AIMS: To explore the unstimulated salivary flow rate and subjective feeling of oral dryness in young adult women with temporomandibular disorders (TMD) and their relation to the presence of chronic pain, depression, somatization, and limited mandibular mobility.

METHODS: Unstimulated whole saliva flow rate and presence of oral dryness were determined in 45 women with TMD and 30 healthy controls. The Research Diagnostic Criteria for TMD (RDC/TMD) were used for assessment of TMD, chronic pain, depression, somatization, and mandibular mobility. Factors with P < .05 in the bivariate analysis were included in multivariate modeling.

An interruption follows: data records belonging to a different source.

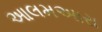
આલમઅારા
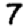
Digit: 7
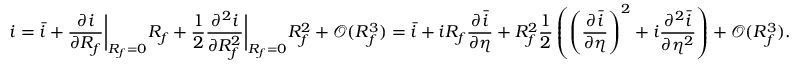
i = \bar { i } + \frac { \partial i } { \partial R _ { f } } \bigg \lvert _ { R _ { f } = 0 } R _ { f } + \frac { 1 } { 2 } \frac { \partial ^ { 2 } i } { \partial R _ { f } ^ { 2 } } \bigg \lvert _ { R _ { f } = 0 } R _ { f } ^ { 2 } + \mathcal { O } ( R _ { f } ^ { 3 } ) = \bar { i } + i R _ { f } \frac { \partial \bar { i } } { \partial \eta } + R _ { f } ^ { 2 } \frac { 1 } { 2 } \left( \left( \frac { \partial \bar { i } } { \partial \eta } \right) ^ { 2 } + i \frac { \partial ^ { 2 } \bar { i } } { \partial \eta ^ { 2 } } \right) + \mathcal { O } ( R _ { f } ^ { 3 } ) .
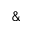
\&
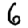
Digit: 6
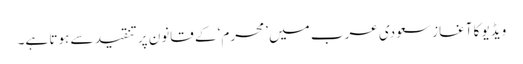
ویڈیو کا آغاز سعودی عرب میں ’محرم‘ کے قانون پر تنقید سے ہوتا ہے۔
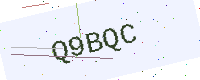
Text: Q9BQC
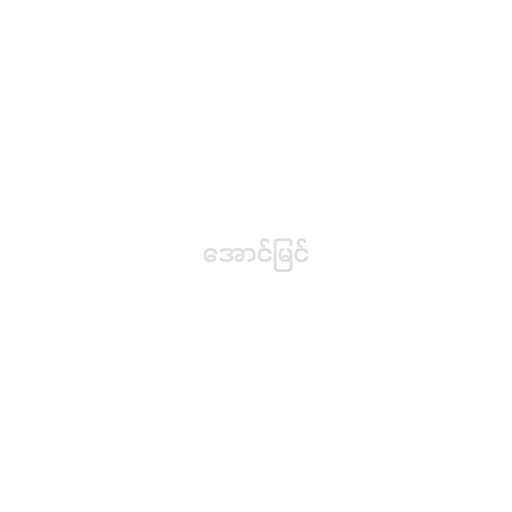
အောင်မြင်
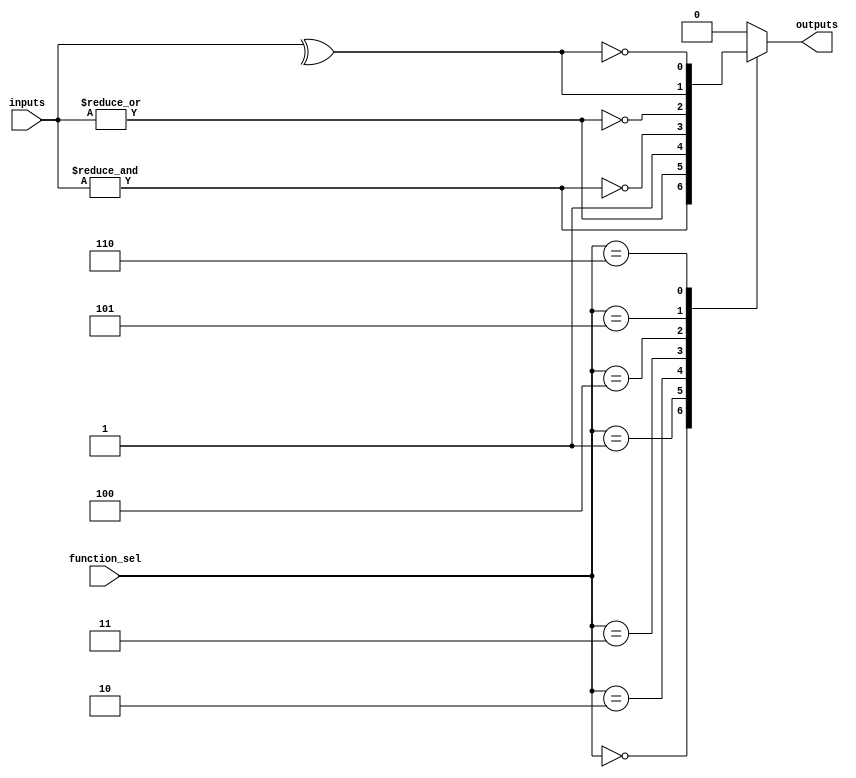
module CombinationalLogicBlock #(
    parameter N = 4, // Number of inputs
    parameter M = 1   // Number of outputs
)(
    input  [N-1:0]  inputs,       // N-bit input
    input  [2:0]    function_sel,  // Function select lines
    output reg [M-1:0] outputs     // M-bit output
);

// Function selection constants
localparam AND_FUNC = 3'b000;
localparam OR_FUNC  = 3'b001;
localparam NOT_FUNC = 3'b010;
localparam NAND_FUNC= 3'b011;
localparam NOR_FUNC = 3'b100;
localparam XOR_FUNC = 3'b101;
localparam XNOR_FUNC= 3'b110;

always @(*) begin
    case (function_sel)
        AND_FUNC: begin
            outputs = &inputs; // AND operation
        end
        OR_FUNC: begin
            outputs = |inputs; // OR operation
        end
        NOT_FUNC: begin
            if (N == 1) begin
                outputs = ~inputs[0]; // NOT operation (only valid if N=1)
            end else begin
                outputs = {N{1'b1}}; // Invalid NOT for N > 1, can output all 1s or error
            end
        end
        NAND_FUNC: begin
            outputs = ~(&inputs); // NAND operation
        end
        NOR_FUNC: begin
            outputs = ~( |inputs); // NOR operation
        end
        XOR_FUNC: begin
            outputs = ^inputs; // XOR operation
        end
        XNOR_FUNC: begin
            outputs = ~(^inputs); // XNOR operation
        end
        default: begin
            outputs = {M{1'b0}}; // Default case
        end
    endcase
end

endmodule
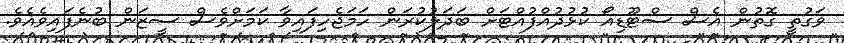
ވަގުތީ ގޮތުން އެސް ސްޓޫޑިއޯ ކުޅުދުއްފުއްޓަށް ބަދަލުކުރަން ހަމަޖެހިފައިވާ ކަމަށްވެސް ސީޒަން ބުނެފައިވެއެވެ.
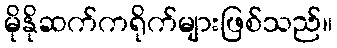
မိုနိုဆက်ကရိုက်များဖြစ်သည်။
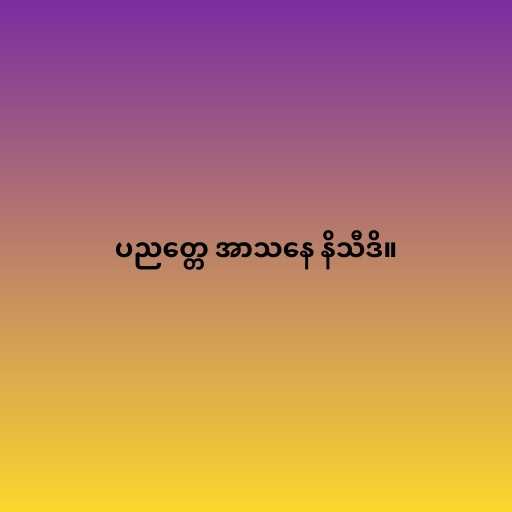
ပညတ္တေ အာသနေ နိသီဒိ။
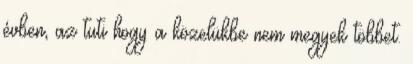
évben, az tuti hogy a közelükbe nem megyek többet.
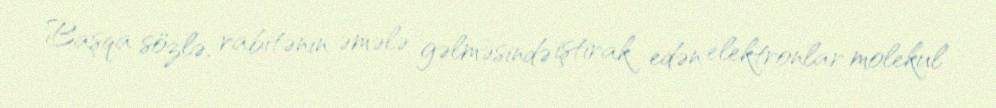
Başqa sözlə, rabitənin əmələ gəlməsində iştirak edən elektronlar molekul
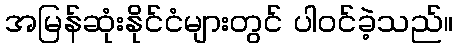
အမြန်ဆုံးနိုင်ငံများတွင် ပါဝင်ခဲ့သည်။
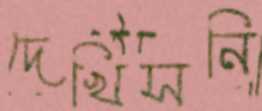
দেখিসনি
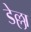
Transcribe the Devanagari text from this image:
डेल्ला
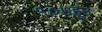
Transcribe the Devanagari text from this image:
१०७हून
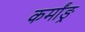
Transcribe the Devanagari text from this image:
कर्मांङ्र
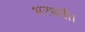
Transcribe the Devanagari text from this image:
भरथरी।
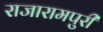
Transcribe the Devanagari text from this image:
राजारामपुरी

RESULTS: The TMD patients showed significantly diminished unstimulated salivary flow (P = .010) in comparison to controls, but there was no difference in subjective oral dryness. Within the TMD group, patients with mandibular hypomobility and free from somatization exhibited significantly lower salivary output (P = .037; P = .015, respectively). No relationship between salivary flow and depression or TMD pain was observed. Multivariate linear regression identified somatization as the single variable contributing to salivary flow (P = .044) in the TMD patients.

CONCLUSION: The present study shows a relationship between TMD and lower salivary flow but no evidence of a relationship between TMD and subjective oral dryness in young adult women. Somatization was the single variable to emerge from the evaluation of potential factors contributing to salivary output in TMD patients.